A week after visiting Auchentoshan, I made my way north up the A68 towards Edinburgh, and the Glenkinchie Distillery. Located about 15 miles from Edinburgh city centre, Glenkinchie is nestled among the small villages and rolling hills of the south Scottish countryside. Much like my previous tour at Auchentoshan, Glenkinchie is one of very few lowland distilleries still in operation today.
My visit to Glenkinchie was the first of two distillery I had planned for the day, so I had arranged to take the first available tour, which was 10:00am. After parking across the road, I made my way through the grounds, and past the lawn bowling green to the visitor centre. Inside was a well stocked gift shop, with a bountiful supply of whiskies, books, and souvenirs. As I paid for my tour, I was told that there was a group on their way, and that once they arrived, the tour would begin. I was shown through to an area full of displays and exhibits on the history of Glenkinchie, and the of the local area. I was told there was a meeting place at the other end of the room, and that would be the point from where the tour would commence.
As I began to stroll through the exhibits, I saw old pictures of the distillery, old bottles from years gone by, and so much more. The most fascinating display was a massive scale model of a distillery. It included all the stages of the distillation process, and provided a step by step account of whisky making from milling the barley to filling the casks. Having had time to sit and study the model, I am now have a greater understanding when taking tours as to what is happening at a particular stage in the whisky making process. Another interesting exhibit was that of a local farmer who began buying the left over mash for use as cattle feed. Apparently the leftover mash once all the liquid has been drained away was full of nutrients not found in traditional cattle feed, and from all accounts, the cows enjoyed the taste too. This farmer began to enter his herd into local and county fairs, and for a good number of years was awarded best in show, and he credited it to the feed he received from the distillery. Selling mash to farmers is now something that happens at most distilleries, as it provides an efficient disposal for the distillery, while giving the cows a tasty, nutritious feed. During my tour, I was informed that the displays set up were actually sitting on the old malting floors, a process which like most distilleries, Glenkinchie abandoned a number of years ago.

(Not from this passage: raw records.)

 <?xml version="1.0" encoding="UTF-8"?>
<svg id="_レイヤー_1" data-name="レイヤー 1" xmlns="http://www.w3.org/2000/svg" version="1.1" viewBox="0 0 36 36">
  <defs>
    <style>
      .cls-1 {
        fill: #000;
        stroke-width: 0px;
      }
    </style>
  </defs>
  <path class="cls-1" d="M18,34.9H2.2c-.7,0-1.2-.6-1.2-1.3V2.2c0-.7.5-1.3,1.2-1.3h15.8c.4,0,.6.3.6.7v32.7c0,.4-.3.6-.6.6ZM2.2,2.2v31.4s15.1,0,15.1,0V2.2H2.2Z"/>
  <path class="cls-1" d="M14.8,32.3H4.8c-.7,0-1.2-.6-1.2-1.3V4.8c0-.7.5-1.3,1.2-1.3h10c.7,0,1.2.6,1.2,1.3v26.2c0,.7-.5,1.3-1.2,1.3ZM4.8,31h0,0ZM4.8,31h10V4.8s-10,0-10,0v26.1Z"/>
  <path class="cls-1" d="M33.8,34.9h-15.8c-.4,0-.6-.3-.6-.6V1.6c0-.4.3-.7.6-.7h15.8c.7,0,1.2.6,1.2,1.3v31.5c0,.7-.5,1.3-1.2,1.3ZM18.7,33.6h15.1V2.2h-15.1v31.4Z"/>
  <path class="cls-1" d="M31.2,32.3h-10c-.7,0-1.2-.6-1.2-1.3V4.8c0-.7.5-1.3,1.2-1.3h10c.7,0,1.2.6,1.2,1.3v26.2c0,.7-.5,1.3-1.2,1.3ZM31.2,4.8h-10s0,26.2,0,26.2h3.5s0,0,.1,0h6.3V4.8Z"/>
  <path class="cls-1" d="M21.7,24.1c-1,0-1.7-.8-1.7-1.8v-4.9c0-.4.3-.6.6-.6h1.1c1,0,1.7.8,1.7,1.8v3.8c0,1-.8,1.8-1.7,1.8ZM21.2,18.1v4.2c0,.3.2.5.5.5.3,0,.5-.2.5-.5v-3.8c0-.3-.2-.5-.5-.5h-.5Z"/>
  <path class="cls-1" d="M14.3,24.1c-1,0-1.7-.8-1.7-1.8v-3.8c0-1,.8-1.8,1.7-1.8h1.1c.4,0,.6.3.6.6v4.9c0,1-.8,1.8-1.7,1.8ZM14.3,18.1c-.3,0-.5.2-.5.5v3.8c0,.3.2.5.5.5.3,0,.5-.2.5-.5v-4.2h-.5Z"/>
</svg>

Once I reached the end of the exhibits, I took a seat and waited for the missing group to arrive. Roughly five minutes passed, and a young woman poked her head through the doorway and introduced herself as Amanda. She explained to me that the group were unable to make it on time, therefore, I was fortunate enough to have a private tour of the distillery. She began by asking what sort of knowledge I had about Scotch, and the distillation process, and I responded by explaining my love for the sweet nectar, and which tours I had taken previously. This gave a frame of reference for Amanda, and she was able to spend a great deal more time talking to me about Glenkinchie itself, rather whisky making in general. We made our way around the mash house, and still houses, and ended up in my favourite place, the warehouses. Although they are dark, damp, and cold, the smell of a traditional stone warehouse is a scent that is so warm and comforting. The warehouse which we visited was right across the courtyard from the visitor centre, and it was obvious by the low ceiling and beautiful, intoxicating aroma that this was one of the original warehouses from many years ago.
Now came time for what is usually my favourite part of any tour, the tasting room. Glenkinchie aren’t know for having a wide range of age expressions, as they sell a majority of their whiskies for use in blends. In fact, if I recall correctly, I believe upwards of 5% of Johnnie Walker Red Label is made up of whiskies from Glenkinchie. This left me what I thought would have been a small selection from which to sample (which was good seeing as how I was driving all day) but never in my wildest dreams could I have imagined the selection before me. I had the customary dram of Glenkinchie 12 Year Old, and it’s light, golden body went down a treat, and it wasn’t yet 11:00am. Amanda then pointed to the large selection of bottles on the shelves behind and asked if there was anything else I would like to try. I nearly cried, the thought of all those whiskies just waiting to be sipped, but I informed Amanda that I was driving to Dalwhinnie for a distillery tour that afternoon. At first I thought she didn’t like what I had said, as she simply turned and walked away. Not sure what to do, I began to gather my things when she made her way out of the backroom. In her hands was a little faux leather passport, and in it were a list of distilleries. She explained that if I signed up to be a friend of the “Classic Malts”, I would be given free admission to each distillery, and for every distillery I visit, I would get a stamp in my passport. Should I visit all 12 distilleries, I could send my passport away and I would get a token of their appreciation. It was free to become a friend of the “Classic Malts”, and it just so happened that my next stop, Dalwhinnie, was one of the participating distilleries. This day was just getting better and better, and aside from the fact that I had to turn down so many lovely drams, I couldn’t have asked for anything more. I had a personal tour of a distillery, and I now had a free pass to 11 more. I would not hesitate to go back to Glenkinchie again, I just hope I could have Amanda again as my tour guide, and have someone else come along to be my designated driver.